Abstract
The 3’ rapid amplification of cDNA ends (3’ RACE) is widely used to isolate the cDNA of unknown 3’ flanking sequences. However, the conventional 3’ RACE often fails to amplify cDNA from a large transcript if there is a long distance between the 5’ gene-specific primer and poly(A) stretch, since the conventional 3’ RACE utilizes 3’ oligo-dT-containing primer complementary to the poly(A) tail of mRNA at the first strand cDNA synthesis. To overcome this problem, we have developed an improved 3’ RACE method suitable for the isolation of cDNA derived from very large transcripts. By using the oligonucleotide-containing random 9mer together with the GC-rich sequence for the suppression PCR technology at the first strand of cDNA synthesis, we have been able to amplify the cDNA from a very large transcript, such as the microtubule-actin crosslinking factor 1 (MACF1) gene, which codes a transcript of 20 kb in size. When there is no splicing variant, our highly specific amplification allows us to perform the direct sequencing of 3’ RACE products without requiring cloning in bacterial hosts. Thus, this stepwise 3’ RACE walking will help rapid characterization of the 3’ structure of a gene, even when it encodes a very large transcript.
Similar content being viewed by others
Introduction
Although the sequencing of the complete human genome revealed the presence of around 30,000–40,000 genes (Lander et al. 2001; Venter et al. 2001), it still remains a big challenge to determine the structure of every transcript due to the stage- and tissue-dependent nature of gene expression with complex splicing events associated with higher eukaryotes. Characterization of all splicing forms is essential to understand the function of each gene completely, since distinct splicing forms might have different functions (Rahman et al. 2002; Robertson and Jones 1999; Saitou et al. 2000).
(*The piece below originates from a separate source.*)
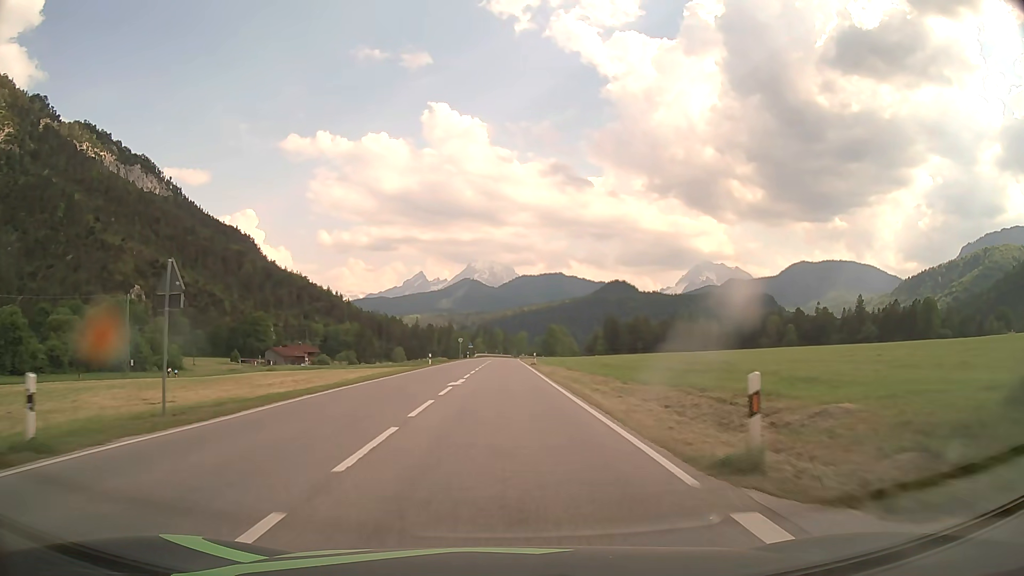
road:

To determine the complete structure of each gene, isolation of cDNAs, including all splicing variants, is needed, either by screening the cDNA library or by the use of 5’ or 3’ rapid amplification of cDNA ends (5’ or 3’ RACE) (Frohman et al. 1988; Park et al. 2003). One of these, 3’ RACE, is widely used to isolate the cDNA of unknown 3’ flanking sequences. The conventional cDNAs are synthesized by oligo-dT priming, and 3’ RACE includes a simpler procedure that uses the naturally occurring poly(A) tail of mRNA as the common anchor site. However, 3’ RACE is not efficient when unknown coding regions are large, long 3’ untranslated regions are present, or when problematic template regions exist.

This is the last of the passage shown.